(Collection entries)
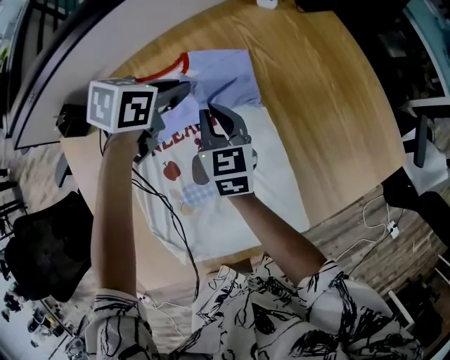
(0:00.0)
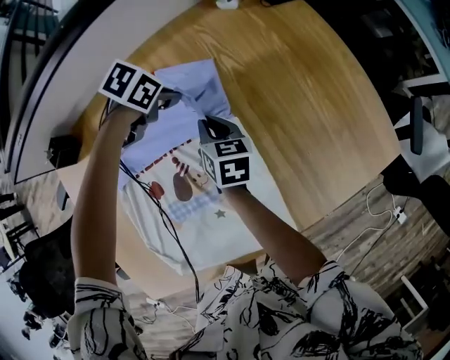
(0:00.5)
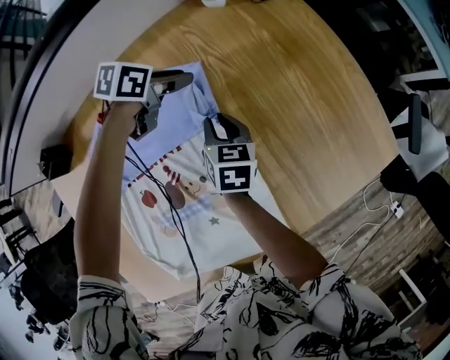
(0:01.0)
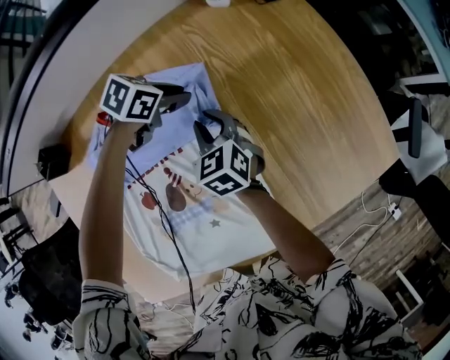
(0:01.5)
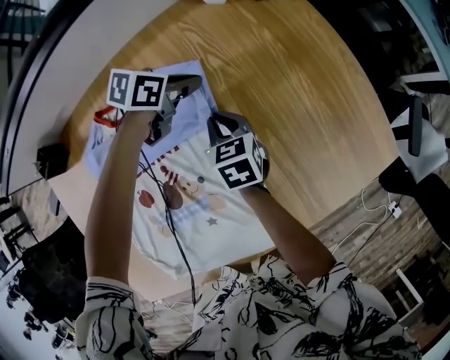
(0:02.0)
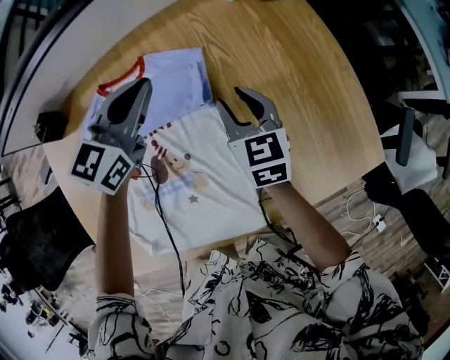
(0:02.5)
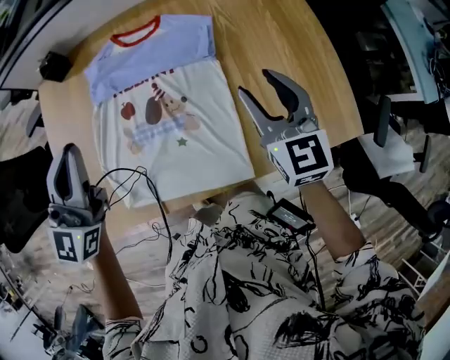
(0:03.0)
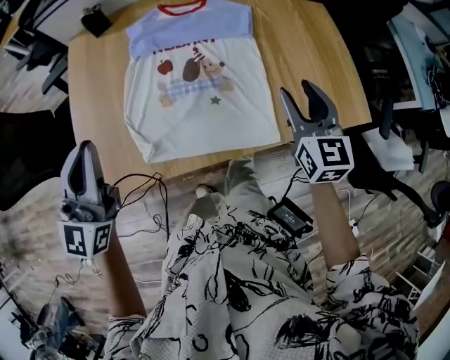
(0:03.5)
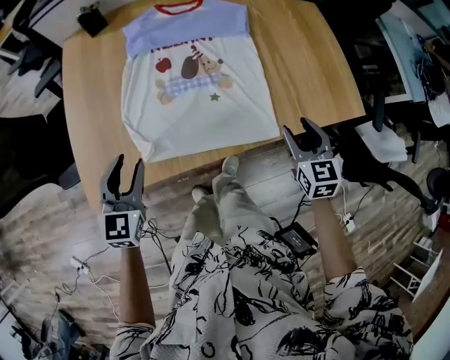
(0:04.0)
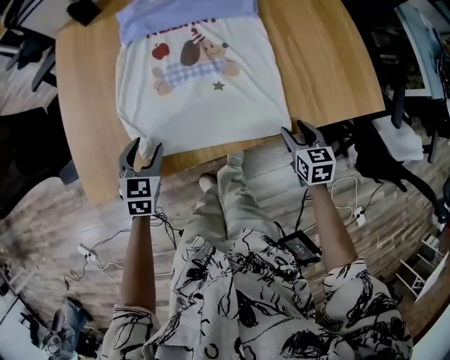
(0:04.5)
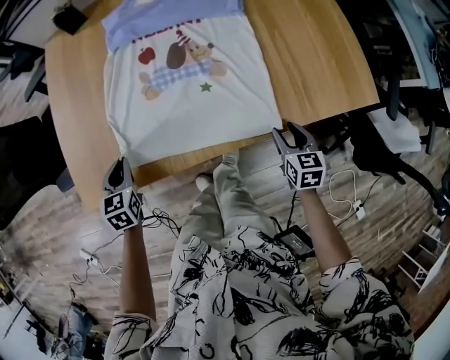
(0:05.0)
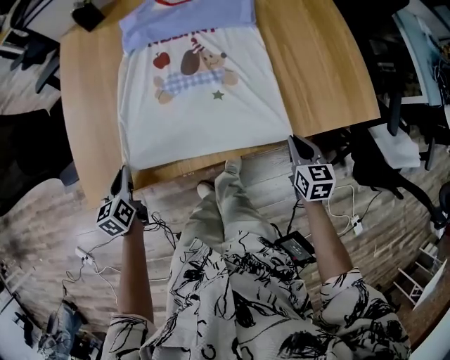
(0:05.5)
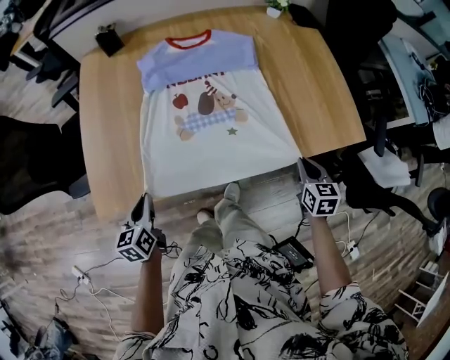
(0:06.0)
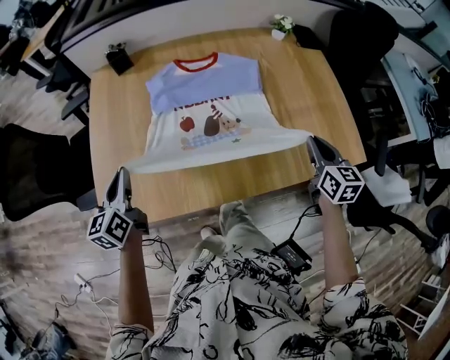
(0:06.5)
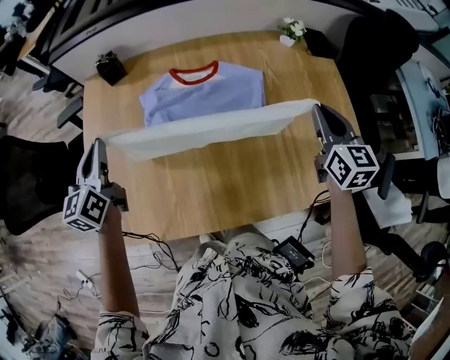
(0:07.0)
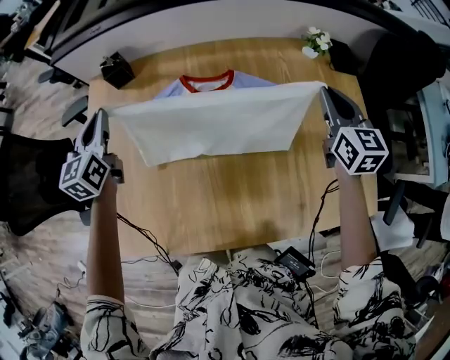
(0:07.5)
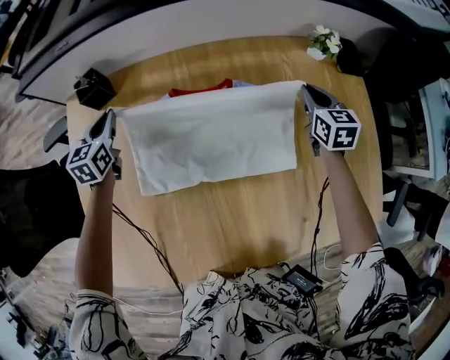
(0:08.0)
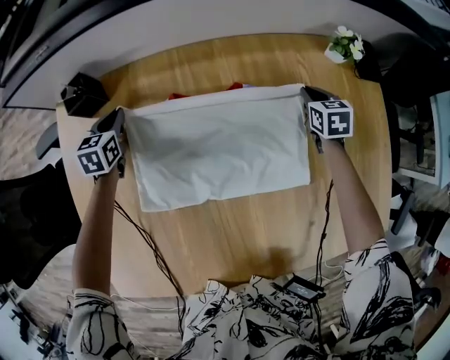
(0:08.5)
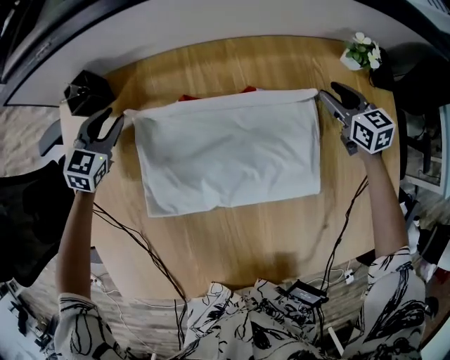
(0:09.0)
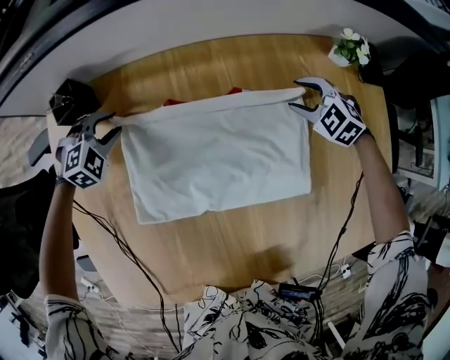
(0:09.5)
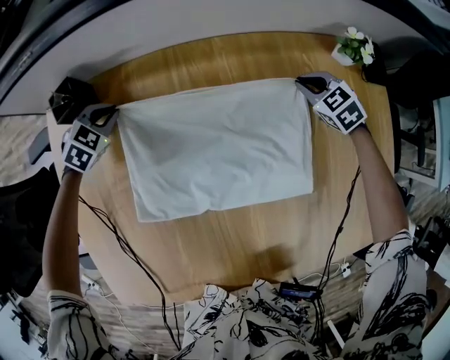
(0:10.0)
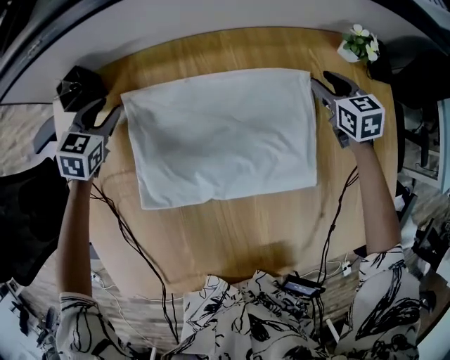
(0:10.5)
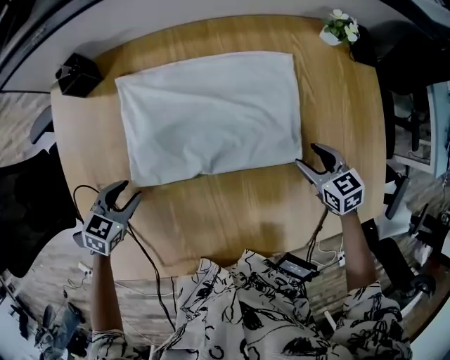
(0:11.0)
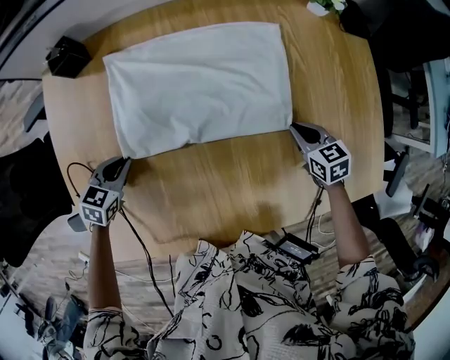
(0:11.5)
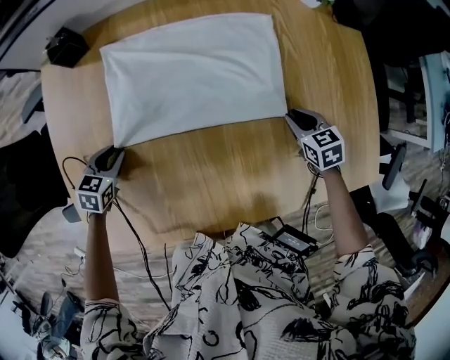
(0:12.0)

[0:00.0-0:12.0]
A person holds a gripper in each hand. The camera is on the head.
0:00.0 to 0:02.0: The right gripper travels downward, to the right and forward by some 15 cm, and swivels roughly 20 degrees. The left gripper shifts roughly 20 cm forward, downward and to the right.
0:02.0 to 0:04.0: The right gripper moves some 40 cm, turns by approximately 20 degrees, and opens its fingers. The left gripper ends up approximately 70 cm from where it was, rotates about 60 degrees, and opens its fingers.
0:04.0 to 0:06.0: The left gripper goes roughly 10 cm downward and backward, and changes its angle by about 40 degrees, while the right gripper heads to the right and downward, covering approximately 10 cm, and closes.
0:06.0 to 0:08.0: The pair of grippers is taken forward, about 60 cm.
0:08.0 to 0:10.0: The right gripper goes up and down, about 10 cm each way, reversing 2 times, swivels roughly 40 degrees, and opens, then closes again, while the left gripper moves downward and forward, about 15 cm, and points its fingers roughly 30 degrees further downward.
0:10.0 to 0:12.0: The two grippers go roughly 30 cm backward. The right gripper turns by about 30 degrees, and opens, then closes once more. Meanwhile the left gripper changes its angle by approximately 30 degrees.

### WORK TO BE COMPLETED
With images excluded, write the records above out again exactly.

### RESPONSE AREA
(0:00.0)
(0:00.5)
(0:01.0)
(0:01.5)
(0:02.0)
(0:02.5)
(0:03.0)
(0:03.5)
(0:04.0)
(0:04.5)
(0:05.0)
(0:05.5)
(0:06.0)
(0:06.5)
(0:07.0)
(0:07.5)
(0:08.0)
(0:08.5)
(0:09.0)
(0:09.5)
(0:10.0)
(0:10.5)
(0:11.0)
(0:11.5)
(0:12.0)

[0:00.0-0:12.0]
A person holds a gripper in each hand. The camera is on the head.
0:00.0 to 0:02.0: The right gripper travels downward, to the right and forward by some 15 cm, and swivels roughly 20 degrees. The left gripper shifts roughly 20 cm forward, downward and to the right.
0:02.0 to 0:04.0: The right gripper moves some 40 cm, turns by approximately 20 degrees, and opens its fingers. The left gripper ends up approximately 70 cm from where it was, rotates about 60 degrees, and opens its fingers.
0:04.0 to 0:06.0: The left gripper goes roughly 10 cm downward and backward, and changes its angle by about 40 degrees, while the right gripper heads to the right and downward, covering approximately 10 cm, and closes.
0:06.0 to 0:08.0: The pair of grippers is taken forward, about 60 cm.
0:08.0 to 0:10.0: The right gripper goes up and down, about 10 cm each way, reversing 2 times, swivels roughly 40 degrees, and opens, then closes again, while the left gripper moves downward and forward, about 15 cm, and points its fingers roughly 30 degrees further downward.
0:10.0 to 0:12.0: The two grippers go roughly 30 cm backward. The right gripper turns by about 30 degrees, and opens, then closes once more. Meanwhile the left gripper changes its angle by approximately 30 degrees.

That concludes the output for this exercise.